Data center electricity demand in China is projected to double by 2030. Every major AI training cluster — and China is building them at a pace comparable to the US — needs continuous, cheap power. Coal provides that baseload today. But solar and wind are now cheaper to build in China than anywhere else on earth, and Beijing has spent two decades building the grid infrastructure to absorb variable renewables at scale.
The loop is self-reinforcing. AI needs power. Cheap solar provides it. The revenue from AI exports and technology funds more solar. More solar reduces oil dependency. Less oil dependency insulates China from exactly the kind of shock the rest of the world is absorbing right now.

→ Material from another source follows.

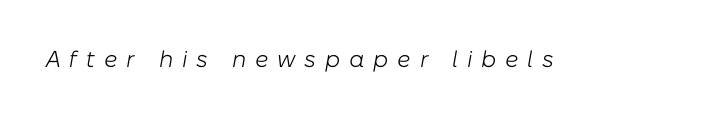
{"italic": "yes", "lean": "right", "slant_degrees": 10, "bold": "no", "underline": "no", "letter_spacing": "wide", "letter_spacing_em": 0.38, "glyph_px": 23}
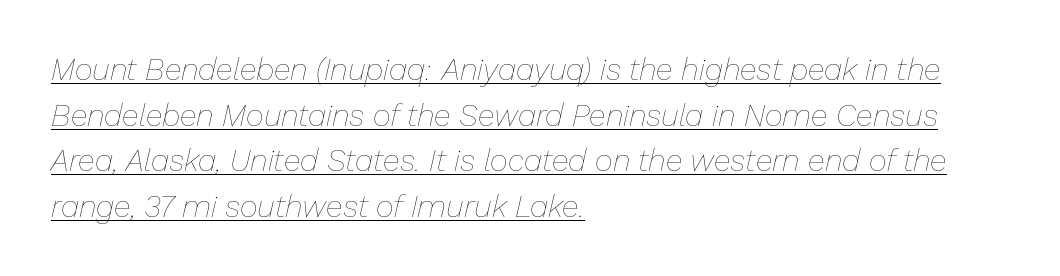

What the Hormuz crisis revealed
When US and Israeli strikes closed the Strait of Hormuz in late February, the immediate assumption in Western financial markets was that China would be among the hardest hit. Half of China's crude imports transit that chokepoint. A third of its LNG does too.
The assumption was wrong — or at least, wrong in scale.
OCBC analysts said China is "less sensitive to a prolonged closure of the Strait of Hormuz than many of its Asian peers." Oil and gas flowing through Hormuz now account for roughly 6% of China's total energy consumption. That share has been falling steadily as electrification deepens and renewables take more of the load.
Ten years ago, a Hormuz closure would have been an economic emergency for Beijing. Today, it's a supply shock China can likely absorb better than almost any other major importer, according to analysis from Latitude Media published this week.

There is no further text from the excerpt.